### RECORDED INFORMATION ###

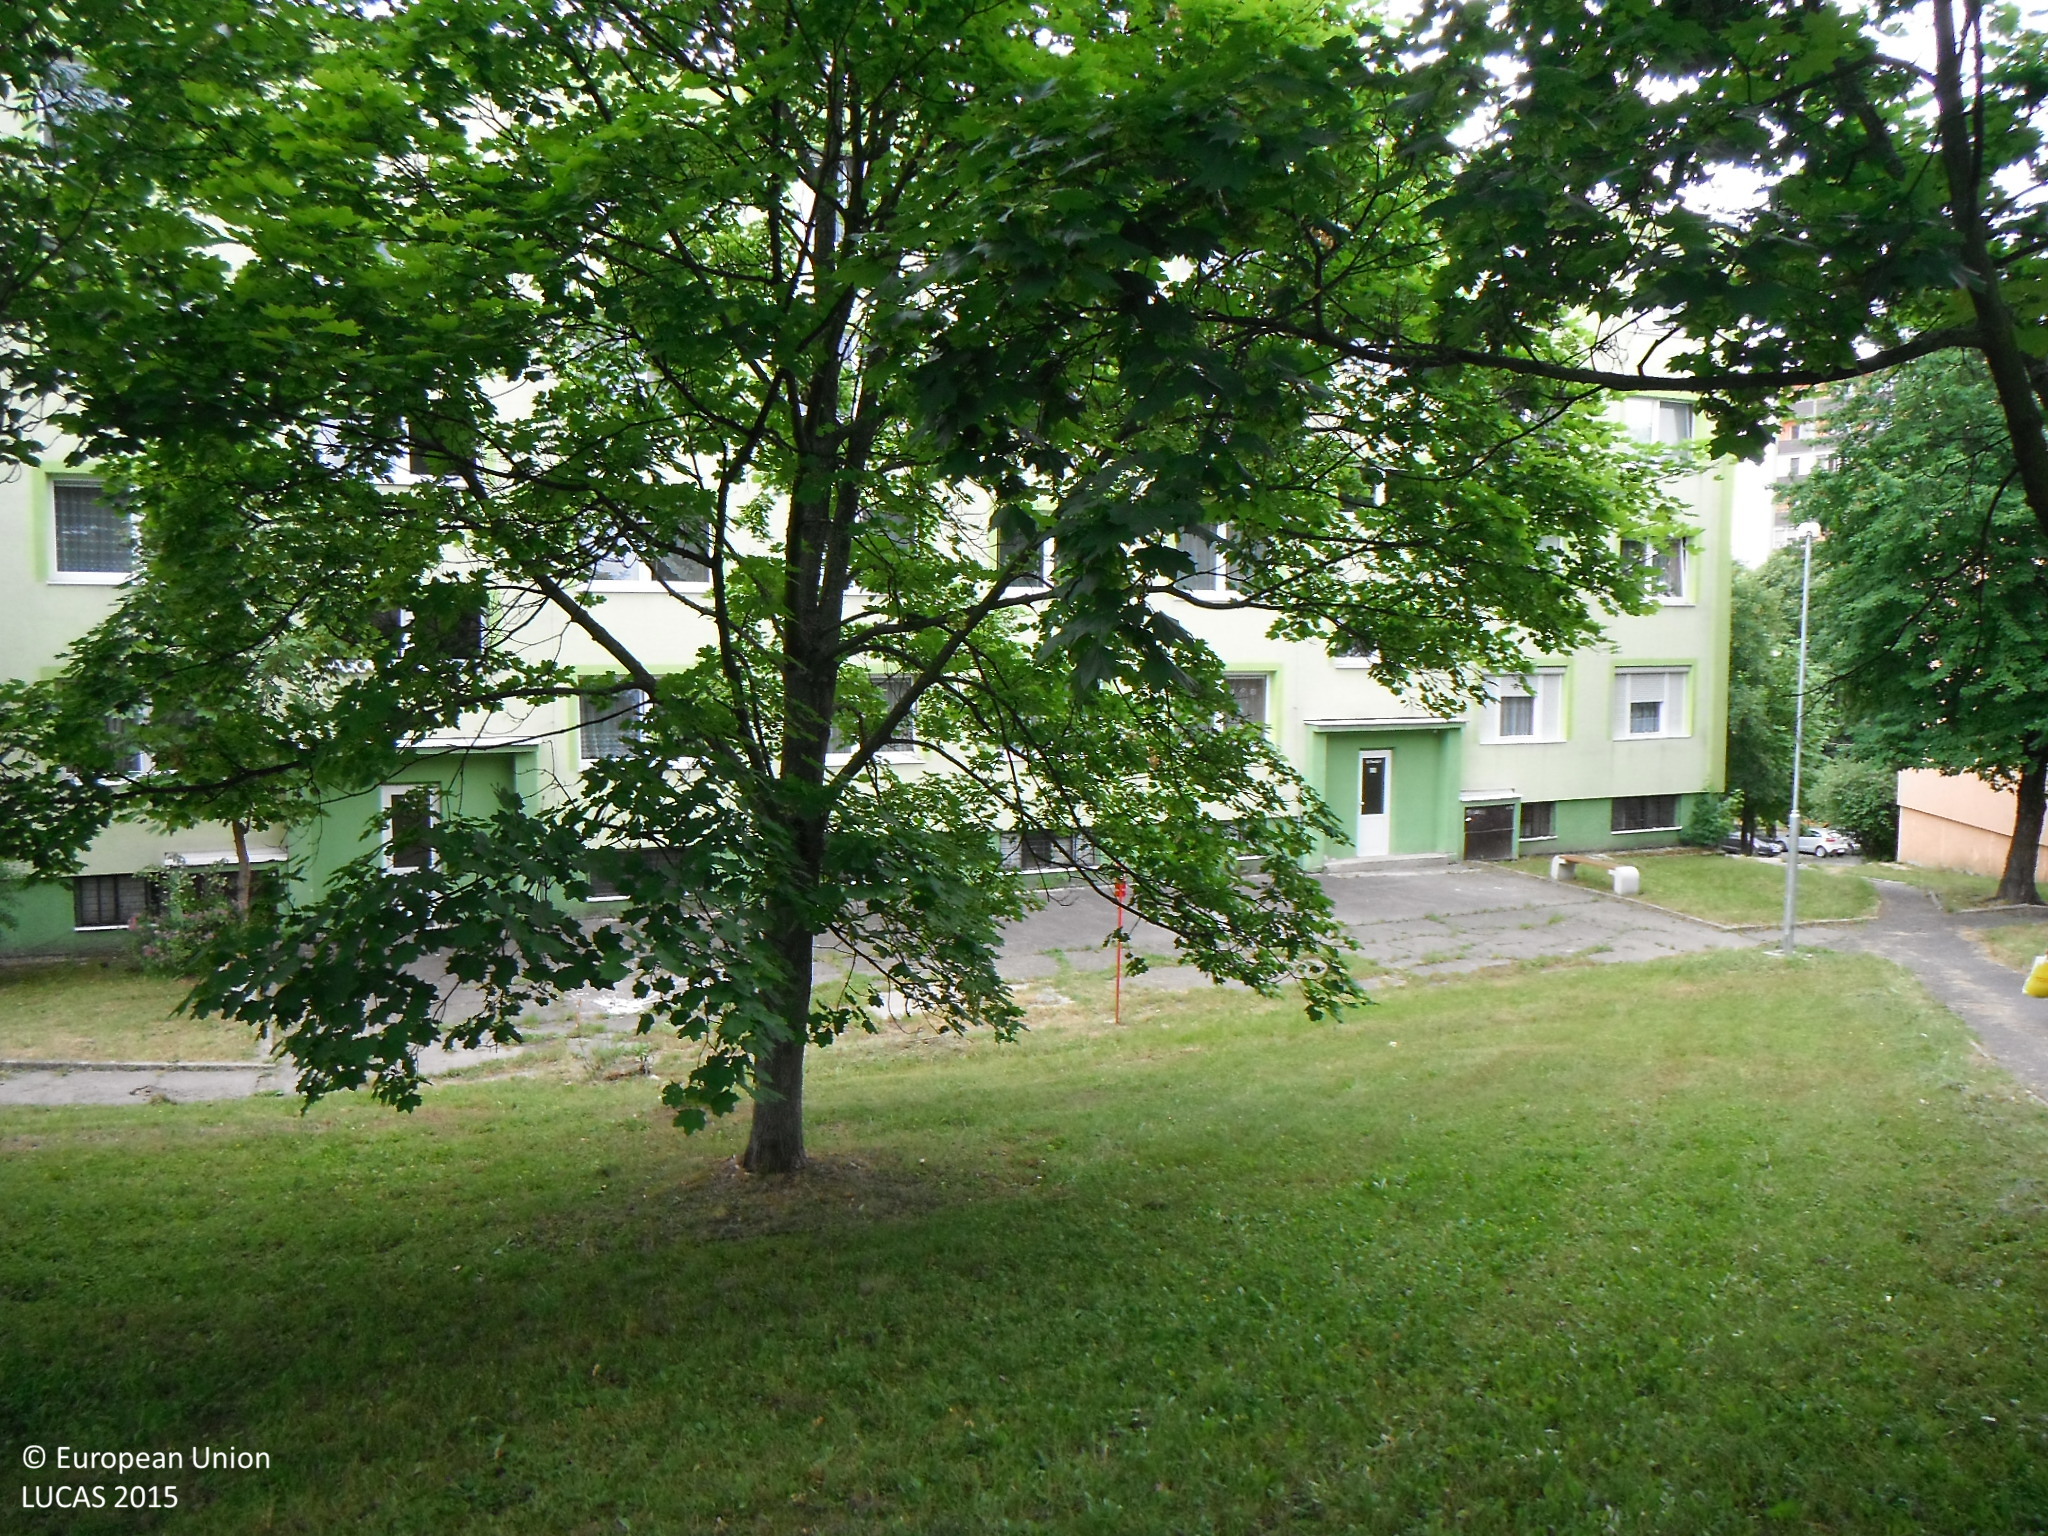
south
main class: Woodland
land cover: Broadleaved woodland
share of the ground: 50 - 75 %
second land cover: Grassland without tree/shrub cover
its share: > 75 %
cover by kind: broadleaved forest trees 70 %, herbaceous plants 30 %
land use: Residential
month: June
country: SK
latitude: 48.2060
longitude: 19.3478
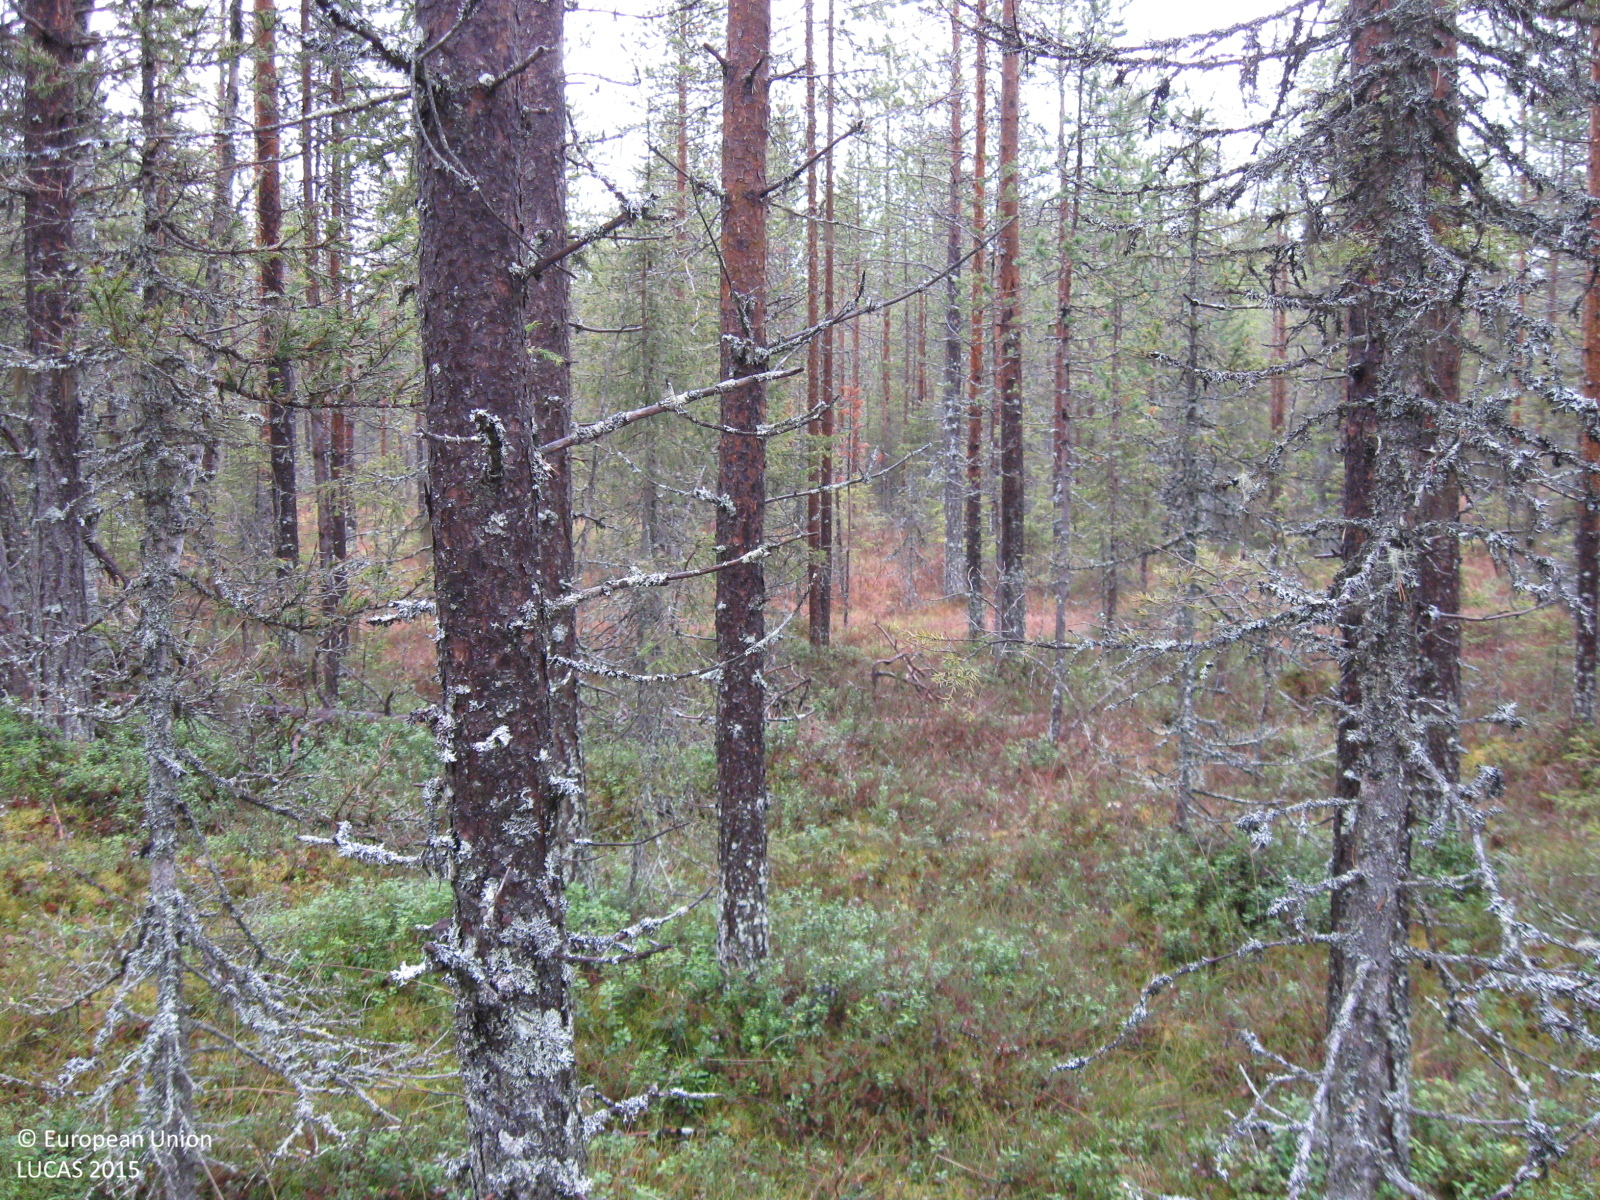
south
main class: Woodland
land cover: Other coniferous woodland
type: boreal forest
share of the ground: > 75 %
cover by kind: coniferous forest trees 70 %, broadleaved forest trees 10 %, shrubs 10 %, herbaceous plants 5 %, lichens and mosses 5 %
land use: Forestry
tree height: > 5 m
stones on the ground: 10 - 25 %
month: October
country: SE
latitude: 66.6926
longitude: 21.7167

###

◆ WORK ITEM ◆
Pictures do not belong in the copy. Reproduce the rest of the data exactly.

◆ EXERCISE ANSWER ◆
south
main class: Woodland
land cover: Broadleaved woodland
share of the ground: 50 - 75 %
second land cover: Grassland without tree/shrub cover
its share: > 75 %
cover by kind: broadleaved forest trees 70 %, herbaceous plants 30 %
land use: Residential
month: June
country: SK
latitude: 48.2060
longitude: 19.3478
south
main class: Woodland
land cover: Other coniferous woodland
type: boreal forest
share of the ground: > 75 %
cover by kind: coniferous forest trees 70 %, broadleaved forest trees 10 %, shrubs 10 %, herbaceous plants 5 %, lichens and mosses 5 %
land use: Forestry
tree height: > 5 m
stones on the ground: 10 - 25 %
month: October
country: SE
latitude: 66.6926
longitude: 21.7167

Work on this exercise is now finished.